For 25 years now Slim Shady has been trying to offend us, and Eminem‘s loudest alter ego has kept partying like it’s 1999 even while his audience waited for the man Marshall Mathers to grow up. The title of Em’s new album, The Death of Slim Shady (Coup de Grâce), offered hope that he might finally bury Slim Shady and move on.
That’s not quite what happens — though Eminem half-heartedly tries — and along the way Death of Slim Shady turns into a boring slog of weak puns, dated references, and desperate attempts to get ‘canceled’ by somebody, anybody, please.
Here are seven observations on Eminem’s The Death of Slim Shady (Coup de Grâce).
01. Chicken Coup
The concept of The Death of Slim Shady (Coup de Grâce) is told in a series of sketches in which Eminem plays two characters, Marshall Mathers and Slim Shady, both unlikable to varying degrees. Early on, Slim kidnaps Marshall, and over the first two-thirds of the album, this Shady character tries to stir up the same old controversies that Eminem has been baiting since his debut, with plenty of crude jokes about women, the disabled, and members of the LGBTQ+ community.

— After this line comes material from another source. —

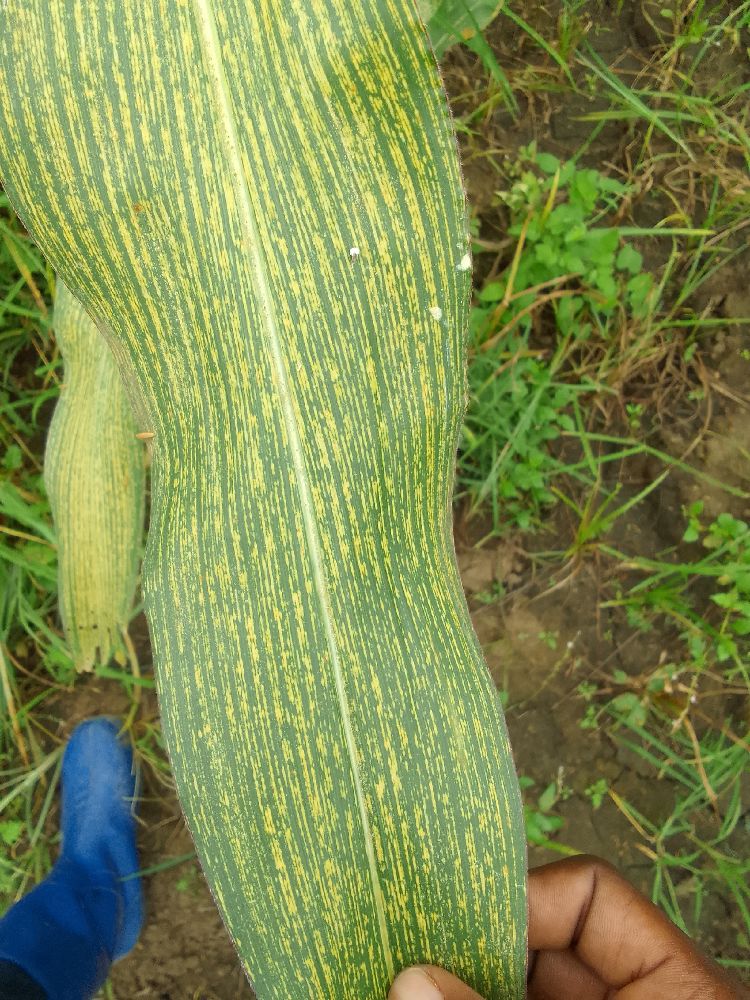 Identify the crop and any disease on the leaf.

maize, maize streak virus

Throughout, Eminem keeps up a meta commentary on how Slim’s controversies made Marshall rich. “I gave you everything,” he has Slim Shady say on “All You Got (skit).” And “Guilty Conscience 2” dramatizes a battle between the two, ending with Mathers shooting Shady point blank — the Coup de Grâce of the title.
But by this time, the character of Slim Shady has already dominated the album. He’s trying to have his cake and eat it, too; to kill off his worst character only after Slim Shady could make him a profit. It might work, too, but it’s artistic cowardice.